Watts, 2017 WL 219108 at *7–8. The jury convicted Petitioner as charged. (Doc. No. 12-1 at 116–17). The court merged the murder convictions and sentenced Petitioner to life plus 25 years’ imprisonment. (Id.). The Tennessee Court of Appeals (TCCA) affirmed, and the Tennessee Supreme Court denied Petitioner’s application for permission to appeal. Watts, 2017 WL 219108, perm. app. denied May 18, 2017. Petitioner filed a pro se post-conviction petition. (Doc. No. 12-18 at 4–14). The post- conviction court appointed counsel, and Petitioner filed an amended petition. (Id. at 41). The court held an evidentiary hearing (Doc. No. 12-19) and denied relief. (Doc. No. 12-18 at 43–54). The TCCA affirmed, the Tennessee Supreme Court denied review, and the United States Supreme Court denied Petitioner’s petition for a writ of certiorari. Watts v. State, No. M2018-01379-CCA- R3-PC, 2019 WL 3944009 (Tenn. Crim. App. Aug. 21, 2019), perm. app. denied Dec. 5, 2019; Watts v. Tennessee, 140 S. Ct. 2690 (2020).

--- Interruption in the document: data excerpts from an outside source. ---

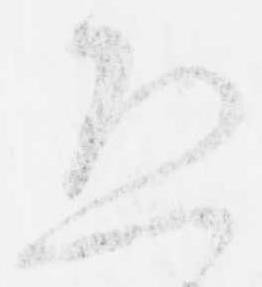
恐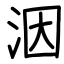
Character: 洇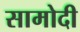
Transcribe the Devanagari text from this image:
सामोदी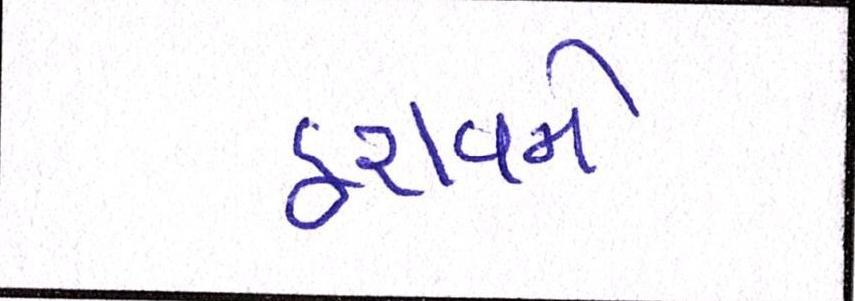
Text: ઠરાવને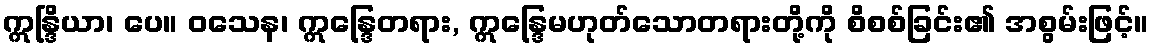
ဣန္ဒြိယာ၊ ပေ။ ဝသေန၊ ဣန္ဒြေတရား, ဣန္ဒြေမဟုတ်သောတရားတို့ကို စိစစ်ခြင်း၏ အစွမ်းဖြင့်။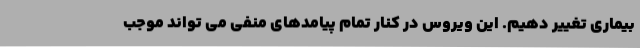
بیماری تغییر دهیم. این ویروس در کنار تمام پیامدهای منفی می تواند موجب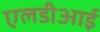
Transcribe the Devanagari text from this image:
एलडीआई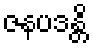
ဇနပဒန္တိ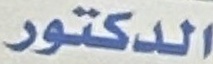
الدكتور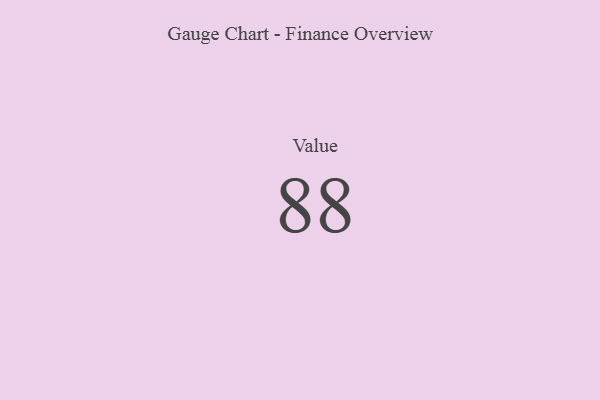
{"axis": {"x": "Metric", "y": "Value"}, "legend": [""], "data": [{"x": "Value", "y": 88, "type": ""}]}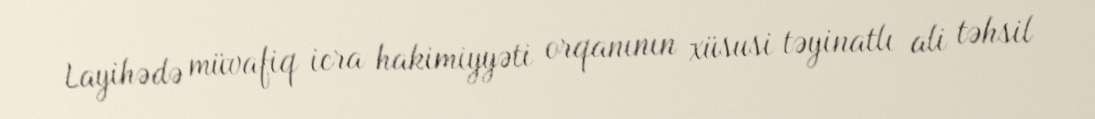
Layihədə müvafiq icra hakimiyyəti orqanının xüsusi təyinatlı ali təhsil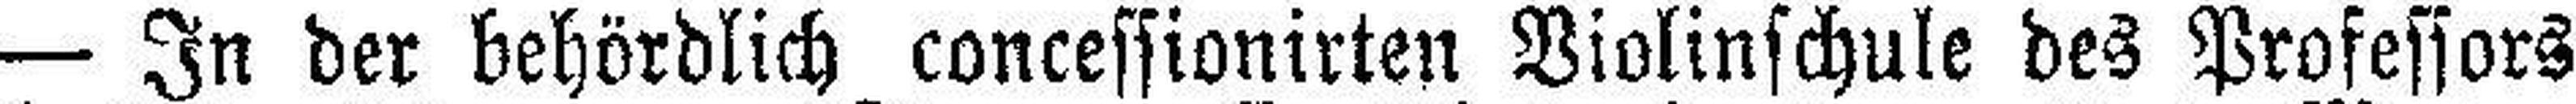
— In der behördlich concessionirten Violinschule des Professors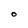
Character: O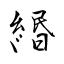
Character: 緡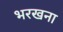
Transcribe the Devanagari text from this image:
भरखना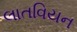
લાતવિયન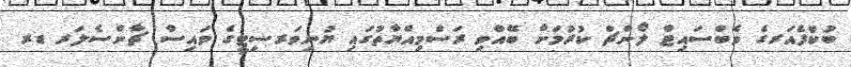
ބުކްފެއަރގެ ވެބްސައިޓް ލޯންޗް ކުރުމަށް ބޭއްވި ރަސްމިއްޔާތުގައި ޔުނިވަރސިޓީގެ ވައިސް ޗާންސެލަރ ޑރ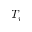
T _ { i }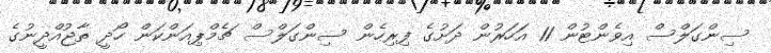
ސިންގަލްސް އިވެންޓުން 11 އަހަރުން ދަށުގެ ފިރިހެން ސިންގަލްސް ޗެމްޕިއަންކަން ހޯދީ ތާޖުއްދީނުގެ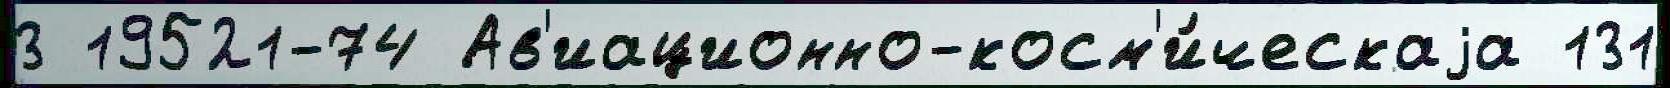
3 19521-74 Ав'иационно-косм'и́ческаjа 131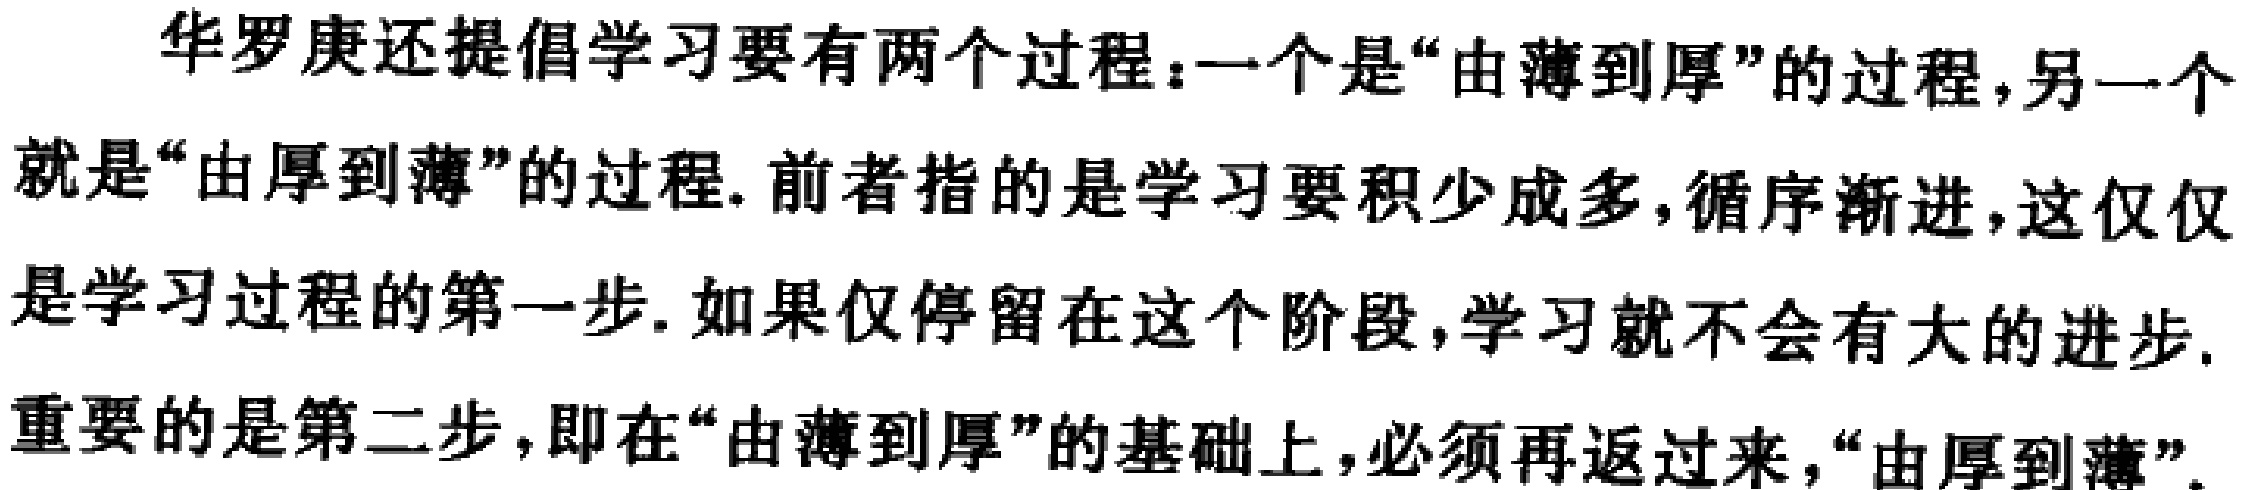
华罗庚还提倡学习要有两个过程：一个是“由薄到厚”的过程，另一个就是“由厚到薄”的过程. 前者指的是学习要积少成多，循序渐进，这仅仅是学习过程的第一步. 如果仅停留在这个阶段，学习就不会有大的进步. 重要的是第二步，即在“由薄到厚”的基础上，必须再返过来，“由厚到薄”.

II. Legal Standard Federal habeas relief for state prisoners is governed by the Antiterrorism and Effective Death Penalty Act of 1996 (AEDPA). Harrington v. Richter, 562 U.S. 86, 97 (2011). AEDPA establishes a demanding standard for granting federal relief on claims “adjudicated on the merits” in state court. 28 U.S.C. § 2254(d). Under AEDPA, such a claim cannot be the basis for federal relief unless the state court’s decision was: (1) “contrary to, or involved an unreasonable application of, clearly established Federal law, as determined by the Supreme Court of the United States”; or (2) “based on an unreasonable determination of the facts in light of the evidence presented in the State court proceeding.” Id. Under Section 2254(d)(1), a state court’s decision is “contrary to” clearly established

federal law “‘if the state court applies a rule that contradicts the governing law set forth in [Supreme Court] cases’ or ‘if the state court confronts a set of facts that are materially indistinguishable from a decision [of the Supreme Court] and nevertheless arrives at a [different result].’” Hill v. Curtin, 792 F.3d 670, 676 (6th Cir. 2015) (en banc) (quoting Lockyer v. Andrade, 538 U.S. 63, 73 (2003)). “Under the ‘unreasonable application’ clause of [Section] 2254(d)(1), habeas relief is available if ‘the state court identifies the correct governing legal principle from [the Supreme Court’s] decisions but unreasonably applies that principle to the facts of the prisoner’s case.’” Id. (quoting Harris v. Haeberlin, 526 F.3d 903, 909 (6th Cir. 2008)). A state court’s application is not unreasonable under this standard simply because a federal court finds it “incorrect or erroneous”; instead, the federal court must find that the state court’s application was “objectively unreasonable.” Id. (quoting Wiggins v. Smith, 539 U.S. 510, 520–21 (2003)). To grant relief under Section 2254(d)(2), a federal court must find that “the state court’s factual determination was ‘objectively unreasonable’ in light of the evidence presented in the state

court proceedings.” Young v. Hofbauer, 52 F. App’x 234, 236 (6th Cir. 2002). State court factual determinations are unreasonable only “if it is shown that the state court’s presumptively correct factual findings are rebutted by ‘clear and convincing evidence’ and do not have support in the record.” Pouncy v. Palmer, 846 F.3d 144, 158 (6th Cir. 2017) (quoting Matthews v. Ishee, 486 F.3d 883, 889 (6th Cir. 2007)). “[I]t is not enough for the petitioner to show some unreasonable determination of fact; rather, the petitioner must show that the resulting state court decision was ‘based on’ that unreasonable determination.” Rice v. White, 660 F.3d 242, 250 (6th Cir. 2011) (citing Byrd v. Workman, 645 F.3d 1159, 1172 (10th Cir. 2011)).